In other news, the Google Evil Index went down 3.2 points today, and is currently at 13.8, the lowest it's been since right before the beta rollout of Google Web Accelerator.

--
Pulp Audio Weekly - Geek News and Reviews
Re:How does this benefit me? by Eric+Giguere · 2005-06-03 03:20 · Score: 4, Insightful
It benefits you because:
- Google will hopefully crawl your frequently-changing pages more often
- Conversly, Google won't crawl other pages as often, saving your bandwith
- Google will find pages that it wouldn't normally find just by following links
Also, you wouldn't necessarily have to maintain more than one sitemap. You could use XSLT to create the sitemap.html file for your site from the XML file you create for Google. In fact, wouldn't it be nice for Web authoring tools to do this automatically for you?
Eric
Make Easy Money with Google: The Blog (powered by blojsom)
Or maybe another hidden use... by 823723423 · 2005-06-03 03:22 · Score: 4, Insightful

Navigation is sometimes the hardest part on the internet. A tree structure is sometimes the second easiest way of searching/browsing for information (1st being keyword searching). So maybe if more web designers set up server side solutions, it will lower the burden on web designers. More importantly, move navigation away from web designers to users just as Google displaced content from web designers unto Searchers. So instead of overburdening web servers like this Firefox extension Firefox extension with screenshot which automatically generates a sitemap br crawling a site.

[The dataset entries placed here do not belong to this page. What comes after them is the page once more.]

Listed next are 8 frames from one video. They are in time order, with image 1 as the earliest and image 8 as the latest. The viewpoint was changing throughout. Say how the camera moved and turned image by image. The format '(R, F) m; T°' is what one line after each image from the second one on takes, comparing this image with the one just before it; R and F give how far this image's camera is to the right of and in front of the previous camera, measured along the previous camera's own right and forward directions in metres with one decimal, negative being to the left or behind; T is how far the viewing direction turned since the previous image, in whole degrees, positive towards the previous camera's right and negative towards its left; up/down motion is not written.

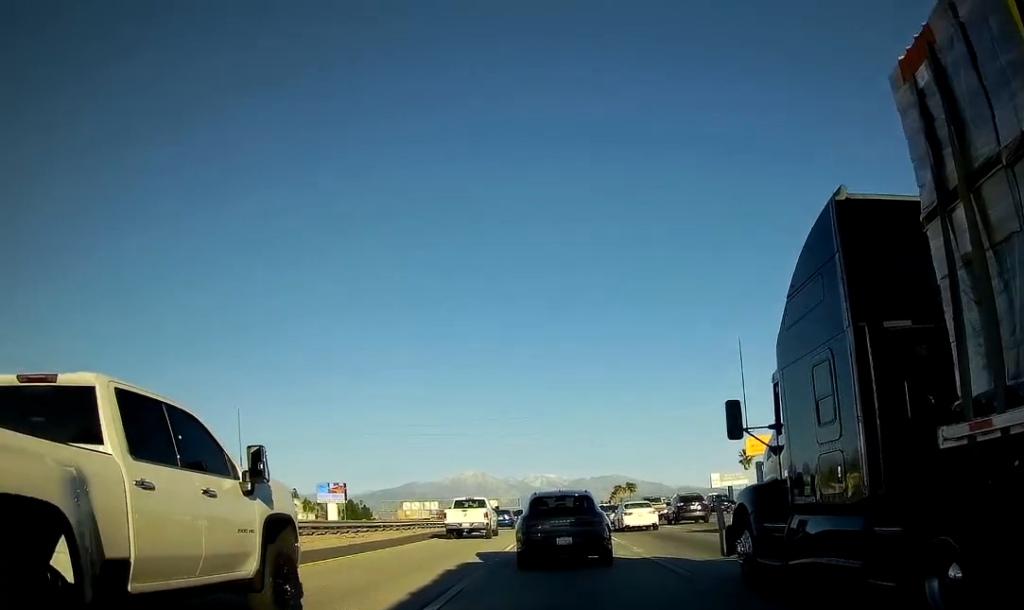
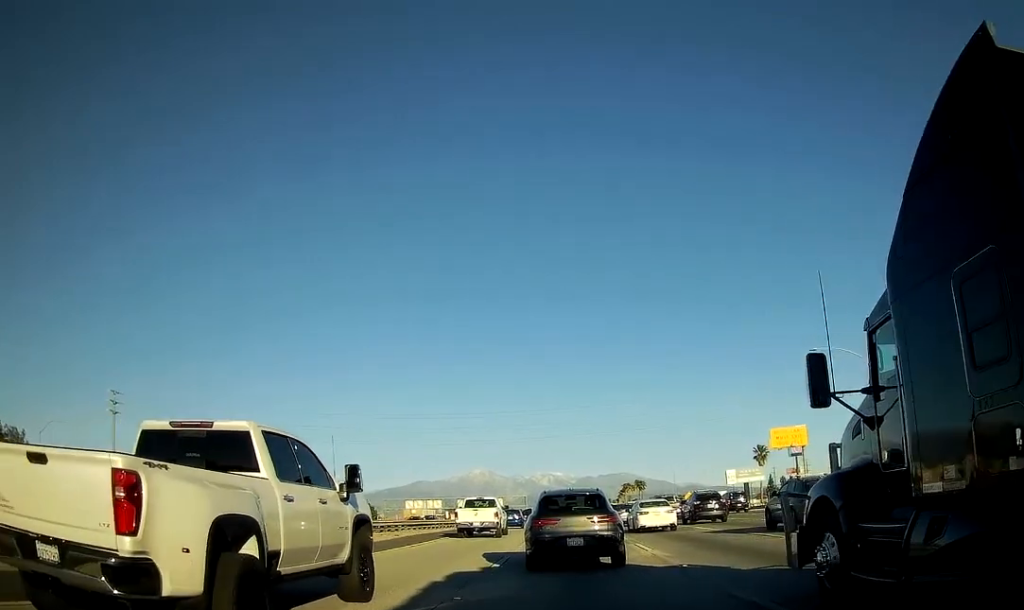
(-0.1, +6.8) m; 0°
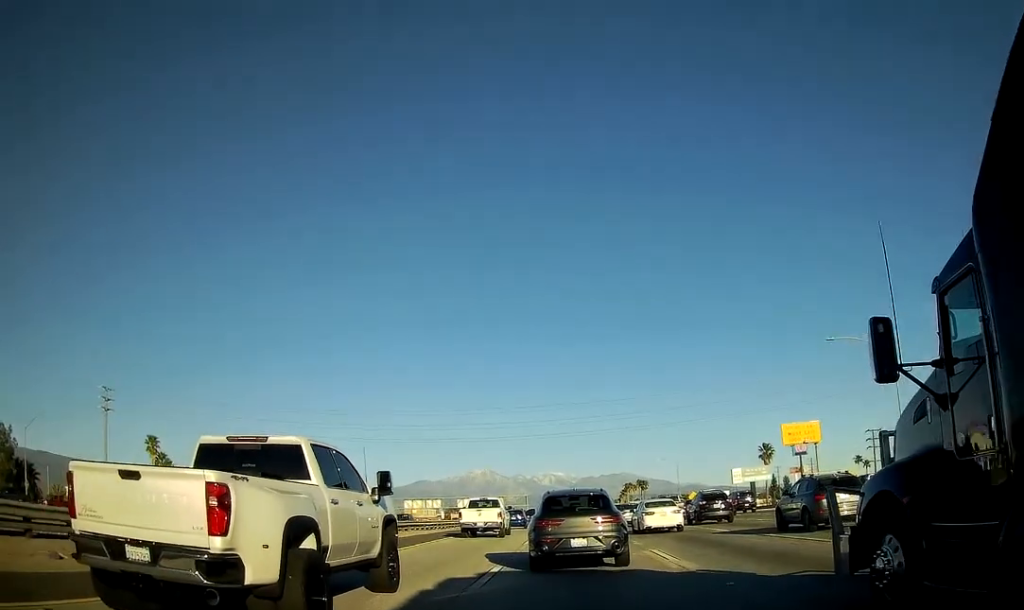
(0.0, +3.6) m; -1°
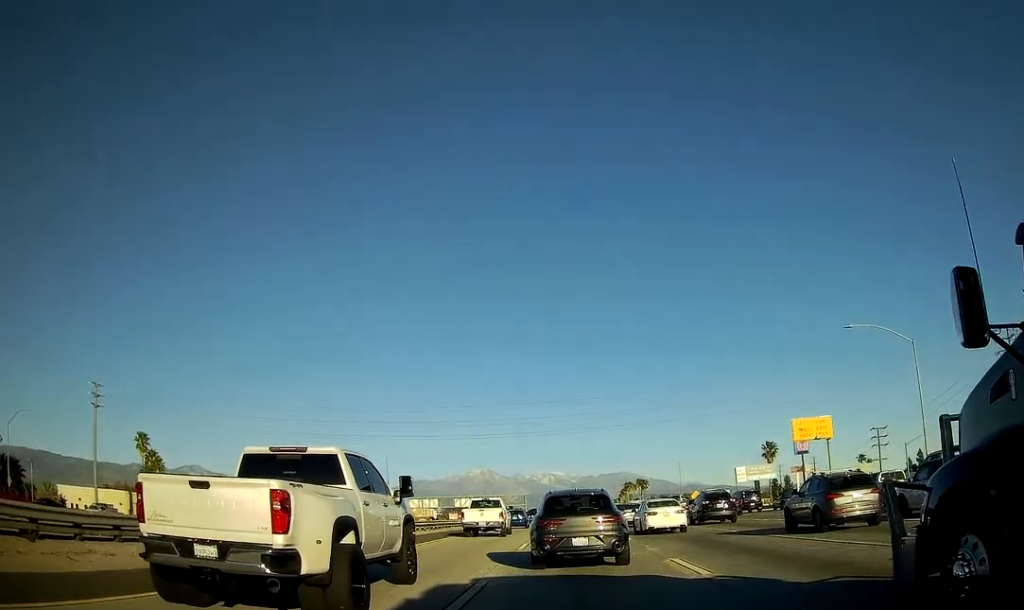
(+0.1, +4.0) m; -1°
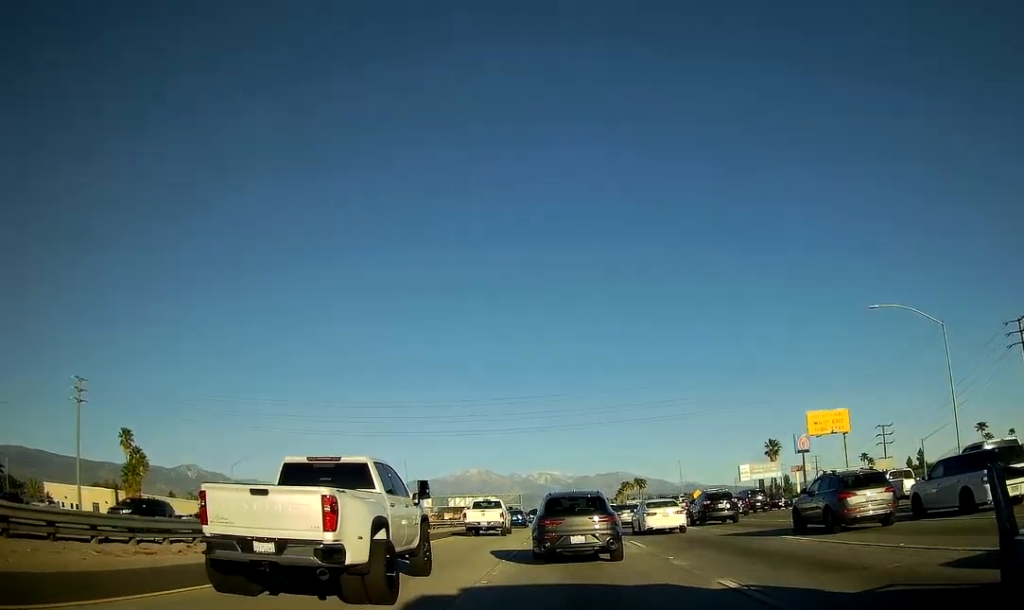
(-0.3, +5.5) m; +1°
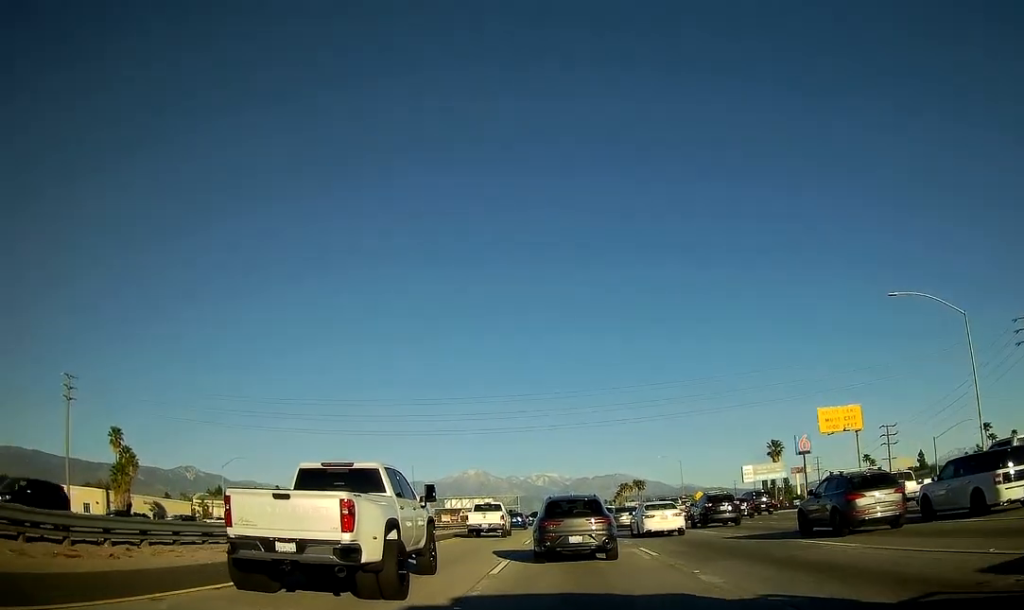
(+0.1, +3.4) m; +1°
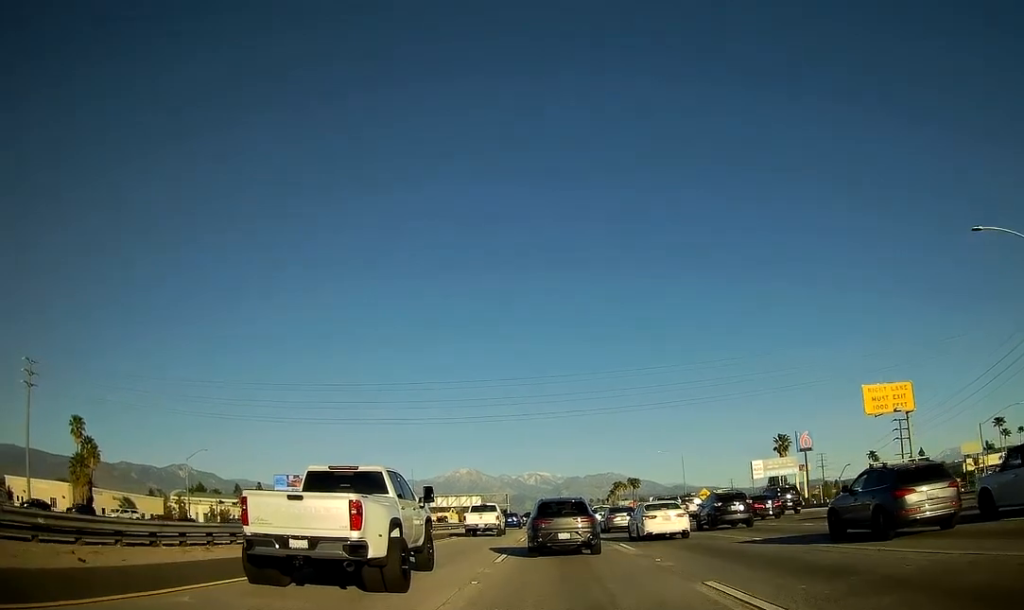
(+0.3, +10.2) m; 0°
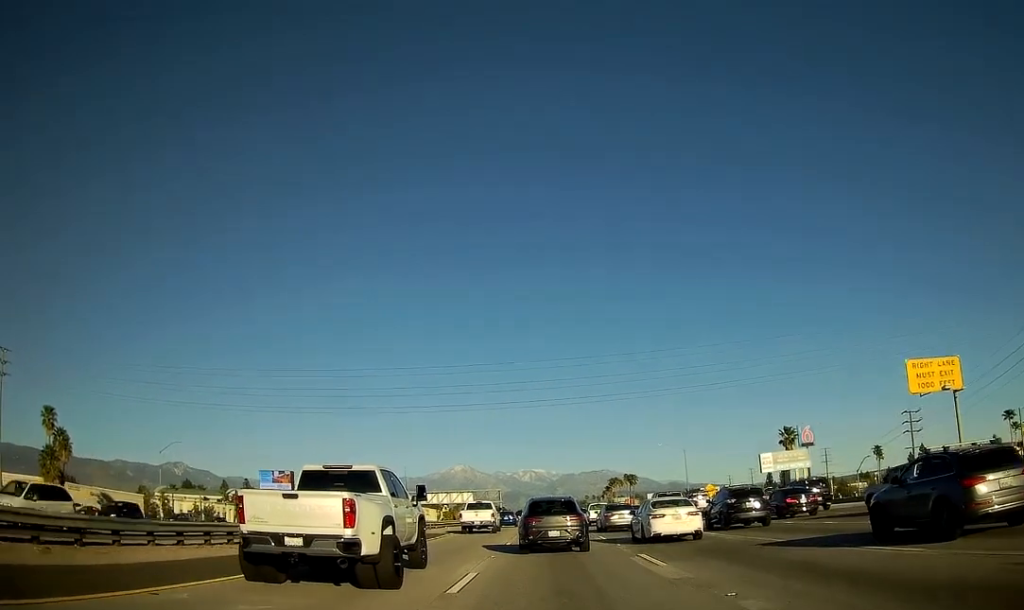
(-0.1, +6.6) m; 0°

Sites can access a sitemap using a favicon.ico like or link rel="sitemap.rdf or sitemap.xml" protocol. Just as netscape NAVIGATOR originally proposed a while back. I think web designers should pay attention - at least those that don't use flash for their whole site. The web is slowly become a database of content rather than style. See the webmonkey wired article on netscape sitemap feature Sitemap rdf or the sitemap slide here Slide from seminar
Search Engine by Pac · 2005-06-03 03:53 · Score: 2, Funny

[To ELP's "Lucky Man"]

They had white pages
And hits by the score
All the people's queries
Waiting by the door

Ooooh, what a search engine it was
Ooooh, what a search engine it was

Many geeks and hackers
They made up its core
Everybody's dearest
A daily stop for more

Ooooh, what a search engine it was
Ooooh, what a search engine it was

It went to the market
Of the engines it was king
Of his honor and his glory
Slashdot would sing

Ooooh, what a search engine it was
Ooooh, what a search engine it was

A burst had found it
Its money dried as it sank
No praise could save it
So it vanished and it died

Ooooh, what a search engine it was
Ooooh, what a search engine it was
Re:How does this benefit me? by DigitalRaptor · 2005-06-03 04:01 · Score: 2, Interesting

Because when you launch a new site, or new section of your site, you create the site map and notify Google, rather than hoping some day they'll follow a link somewhere and come spider your site.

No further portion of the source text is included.